Skip to main content

Reply to this post | See parent post | Go Back
View Post [edit]

Poster: Branko Collin Date: Feb 22, 2005 7:56am
Forum: texts Subject: Re: Ideas to help proofreading?

Distributed Proofreaders have developed a number of tools to help us proofread. Although they are likely to be only really useful to DP (the earliest of those started out as tools to check if a text conformed to PG's formatting guidelines), perhaps one of your programmers could look at their source and see if any general rules can be gleaned from them.

Especially useful may be our pre-processing tools, as they try and catch some of the commonest problems.

We search for scanning errors using spell checkers, and for the ones that are valid English words using lists of "stealth scannos". For instance, "and" is commonly mis-OCR-ed as "arid". (Similar lists exists for LOTE.) This method would probably be too time-consuming for TIA, but you could construct a tool that will find spelling errors that are commonly produced by OCR software. "tbe" for "the", for instance.

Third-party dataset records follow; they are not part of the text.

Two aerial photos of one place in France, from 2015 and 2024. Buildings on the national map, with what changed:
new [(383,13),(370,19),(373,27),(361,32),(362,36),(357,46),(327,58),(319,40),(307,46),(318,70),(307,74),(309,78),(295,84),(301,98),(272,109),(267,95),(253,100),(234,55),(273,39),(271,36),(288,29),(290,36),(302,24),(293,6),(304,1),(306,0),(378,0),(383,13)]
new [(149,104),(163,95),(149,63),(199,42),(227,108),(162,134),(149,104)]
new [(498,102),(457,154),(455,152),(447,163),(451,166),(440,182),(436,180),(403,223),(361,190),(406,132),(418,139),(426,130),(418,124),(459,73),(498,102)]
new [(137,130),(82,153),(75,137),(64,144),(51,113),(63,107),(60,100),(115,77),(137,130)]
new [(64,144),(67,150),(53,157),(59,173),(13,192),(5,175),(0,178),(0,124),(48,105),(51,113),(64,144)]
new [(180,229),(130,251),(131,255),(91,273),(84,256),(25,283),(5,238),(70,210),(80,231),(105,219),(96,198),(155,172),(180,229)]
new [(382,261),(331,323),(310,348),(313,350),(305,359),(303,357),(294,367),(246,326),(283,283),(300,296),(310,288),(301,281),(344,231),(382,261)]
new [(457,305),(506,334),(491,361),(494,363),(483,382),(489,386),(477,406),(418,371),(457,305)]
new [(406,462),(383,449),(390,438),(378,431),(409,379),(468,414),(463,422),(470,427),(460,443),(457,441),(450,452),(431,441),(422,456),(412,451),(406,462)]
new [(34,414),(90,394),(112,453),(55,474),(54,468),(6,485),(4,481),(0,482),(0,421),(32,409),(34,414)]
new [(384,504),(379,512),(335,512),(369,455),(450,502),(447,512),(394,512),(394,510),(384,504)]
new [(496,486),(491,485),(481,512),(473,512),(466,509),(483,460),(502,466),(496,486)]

We have also several anecdotes about how something would appear an error to anyone but a human proofreader: how far you want to take things with automation also depends on how many errors you want to introduce.

If you need one of your interns to actually look at a text, our special proofing font may help; it's ugly as sin, but helps errors really stand out.

Not all of our tools are available through Sourceforge; our Help pages link to them, though.

When you start working with volunteers, try and make it as easy as possible for them to contribute.